## PROBLEM DETAILS:
Among the entries below, find every line that has "block" and pull it out.

Stored items from a collection
================================

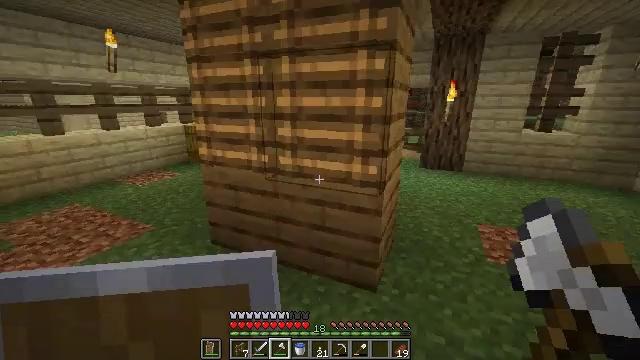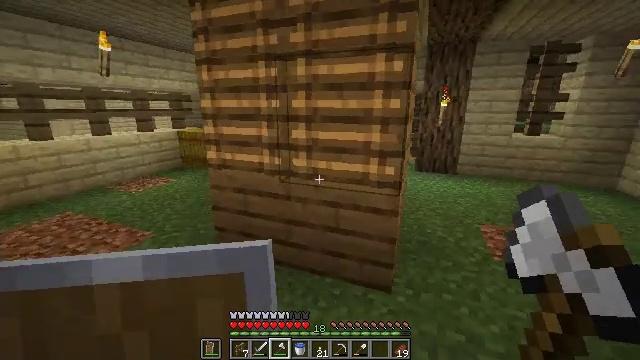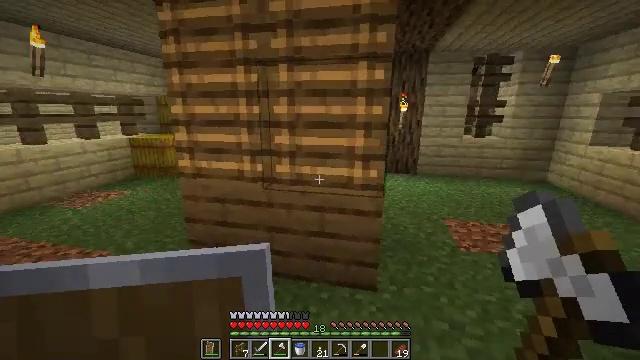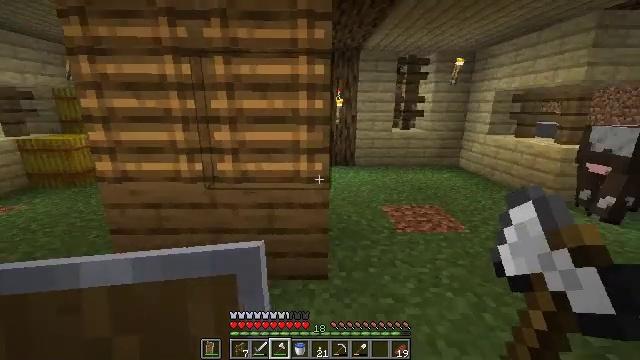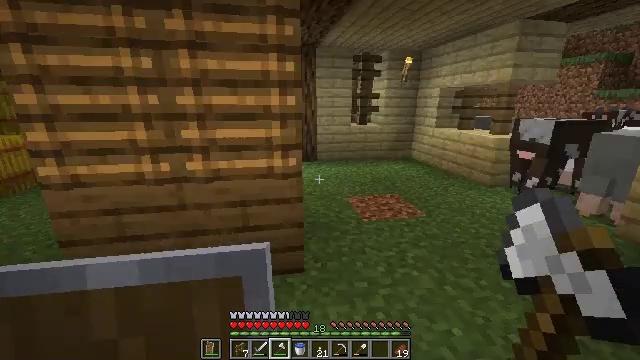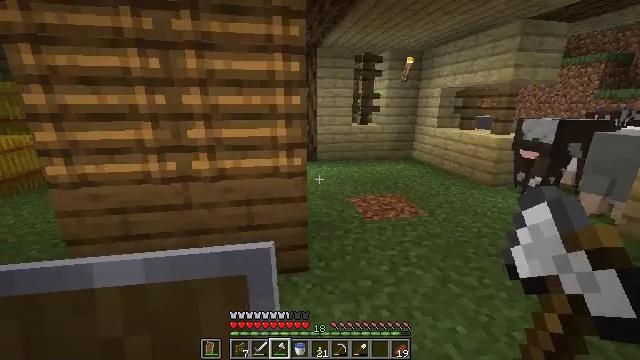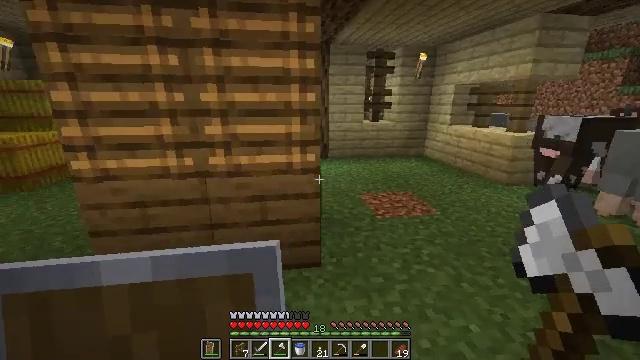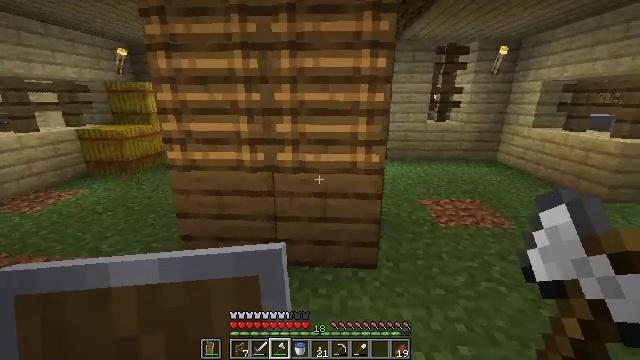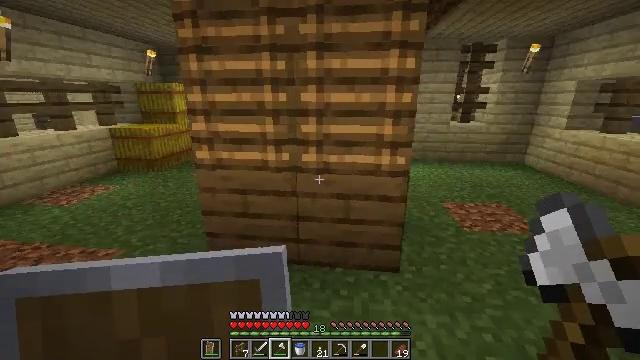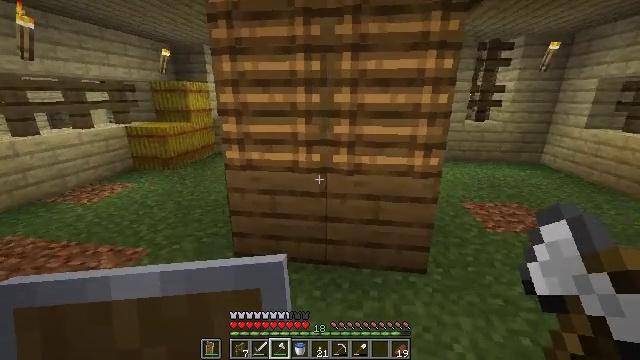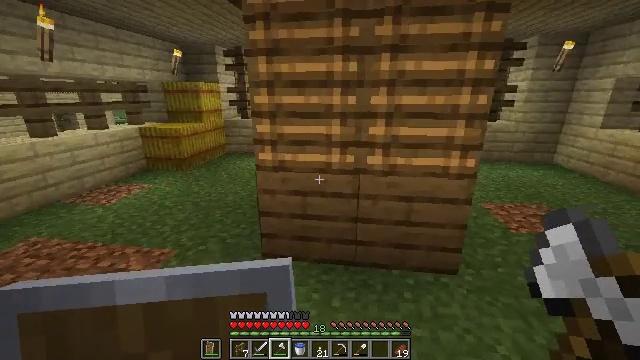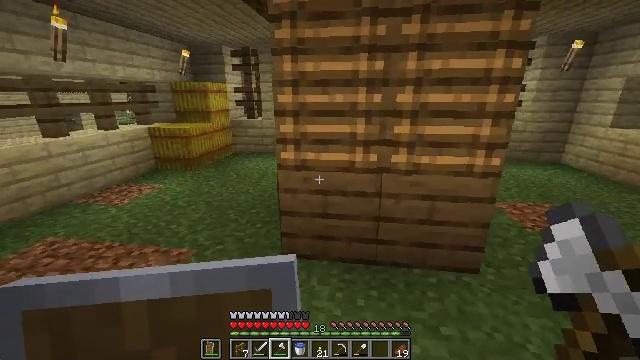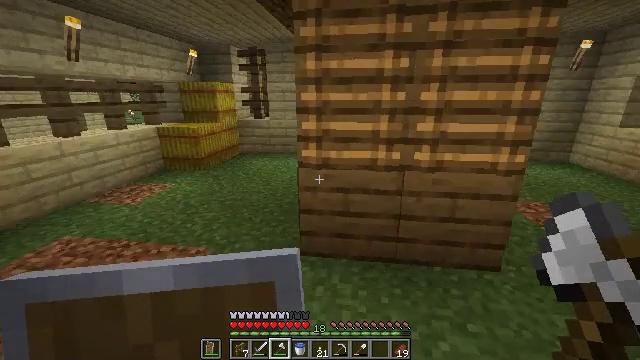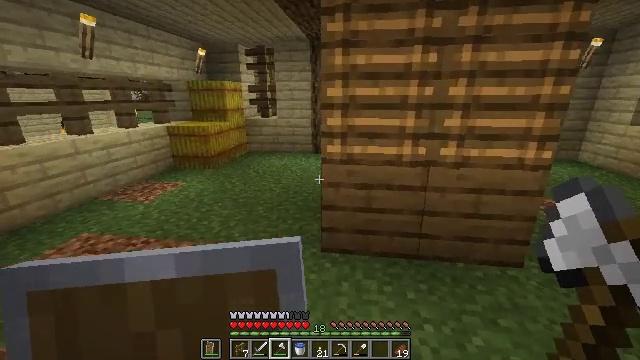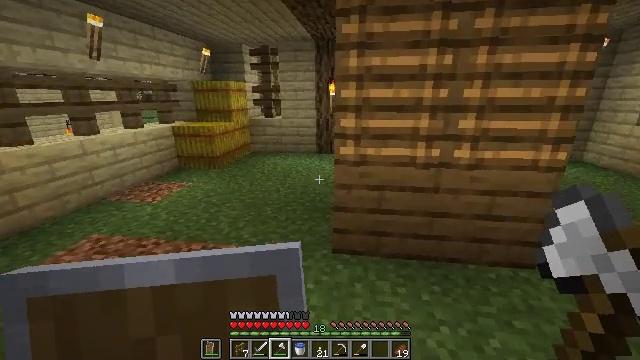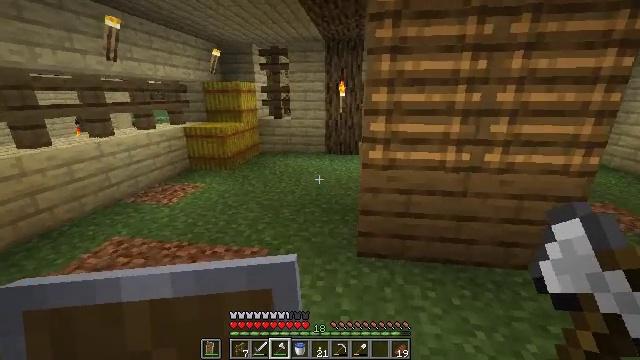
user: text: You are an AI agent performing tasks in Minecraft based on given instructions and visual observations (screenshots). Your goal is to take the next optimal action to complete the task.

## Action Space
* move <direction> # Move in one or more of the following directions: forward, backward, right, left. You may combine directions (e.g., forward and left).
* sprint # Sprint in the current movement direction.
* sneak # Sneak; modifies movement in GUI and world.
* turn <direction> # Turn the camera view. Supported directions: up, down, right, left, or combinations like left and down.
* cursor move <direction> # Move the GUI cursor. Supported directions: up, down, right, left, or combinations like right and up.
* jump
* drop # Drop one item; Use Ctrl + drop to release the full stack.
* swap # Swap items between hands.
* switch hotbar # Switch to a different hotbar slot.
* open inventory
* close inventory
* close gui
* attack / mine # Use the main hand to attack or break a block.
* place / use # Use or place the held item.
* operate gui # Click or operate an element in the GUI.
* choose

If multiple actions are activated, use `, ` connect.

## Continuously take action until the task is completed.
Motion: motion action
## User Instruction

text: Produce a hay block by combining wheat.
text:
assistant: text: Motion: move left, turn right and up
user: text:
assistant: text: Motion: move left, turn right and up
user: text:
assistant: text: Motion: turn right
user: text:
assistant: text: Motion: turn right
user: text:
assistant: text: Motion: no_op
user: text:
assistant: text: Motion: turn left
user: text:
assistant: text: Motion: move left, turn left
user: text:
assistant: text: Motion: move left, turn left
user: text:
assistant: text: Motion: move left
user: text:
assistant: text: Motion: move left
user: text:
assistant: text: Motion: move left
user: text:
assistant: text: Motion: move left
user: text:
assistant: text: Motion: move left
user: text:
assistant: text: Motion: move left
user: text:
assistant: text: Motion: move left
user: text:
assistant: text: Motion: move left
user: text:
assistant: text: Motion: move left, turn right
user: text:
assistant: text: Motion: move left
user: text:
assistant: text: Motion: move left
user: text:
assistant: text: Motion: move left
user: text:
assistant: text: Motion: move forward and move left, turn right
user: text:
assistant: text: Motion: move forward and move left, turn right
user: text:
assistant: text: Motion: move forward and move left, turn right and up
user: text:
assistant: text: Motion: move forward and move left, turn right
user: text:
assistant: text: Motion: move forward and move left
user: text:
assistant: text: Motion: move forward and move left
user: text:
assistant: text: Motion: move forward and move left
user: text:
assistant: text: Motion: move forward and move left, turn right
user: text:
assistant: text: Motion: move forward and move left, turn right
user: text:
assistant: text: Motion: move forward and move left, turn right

================================

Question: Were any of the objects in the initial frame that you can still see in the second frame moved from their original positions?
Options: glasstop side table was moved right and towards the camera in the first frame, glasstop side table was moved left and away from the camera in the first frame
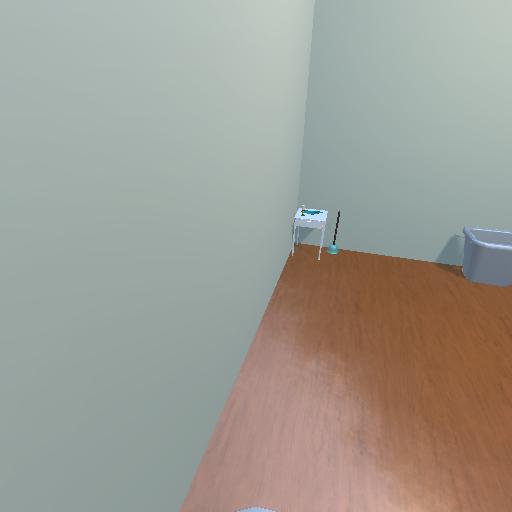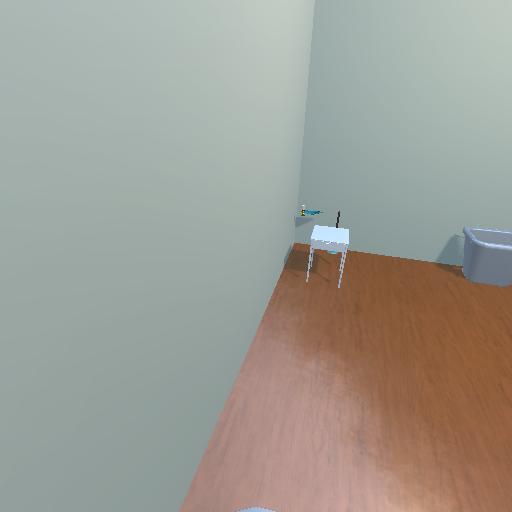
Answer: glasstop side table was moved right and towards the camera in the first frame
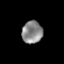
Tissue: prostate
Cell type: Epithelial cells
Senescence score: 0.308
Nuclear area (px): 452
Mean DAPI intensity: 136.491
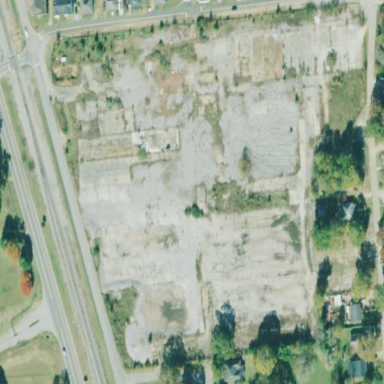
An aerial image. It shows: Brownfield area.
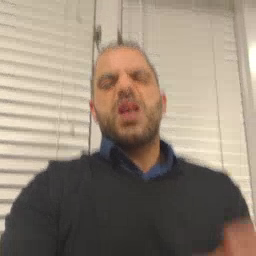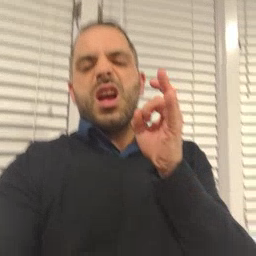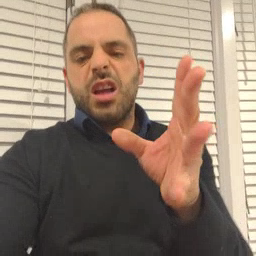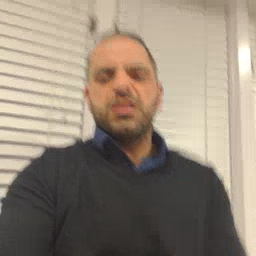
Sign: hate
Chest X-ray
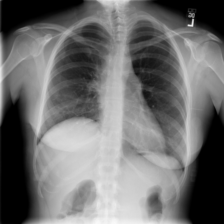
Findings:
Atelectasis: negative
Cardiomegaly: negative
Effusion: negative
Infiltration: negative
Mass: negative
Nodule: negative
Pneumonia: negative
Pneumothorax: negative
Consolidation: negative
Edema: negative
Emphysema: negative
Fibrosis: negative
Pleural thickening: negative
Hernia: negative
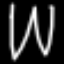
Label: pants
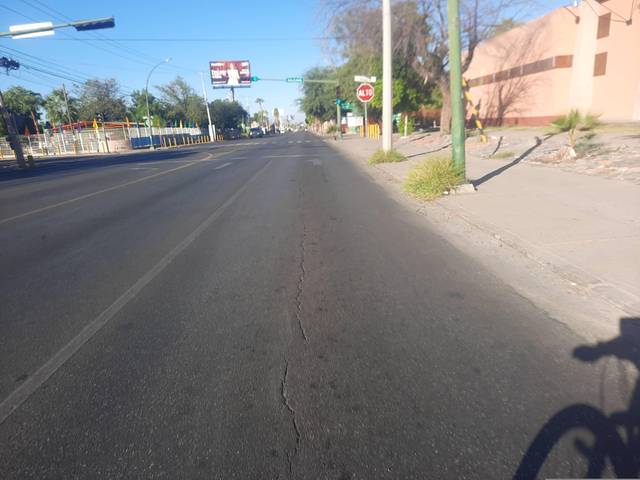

================================

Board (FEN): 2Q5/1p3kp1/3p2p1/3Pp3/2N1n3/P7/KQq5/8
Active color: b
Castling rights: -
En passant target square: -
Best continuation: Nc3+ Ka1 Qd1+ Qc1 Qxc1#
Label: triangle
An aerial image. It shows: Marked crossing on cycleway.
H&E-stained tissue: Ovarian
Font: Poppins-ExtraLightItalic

================================

## EXERCISE RESULT:
* attack / mine # Use the main hand to attack or break a block.
text: Produce a hay block by combining wheat.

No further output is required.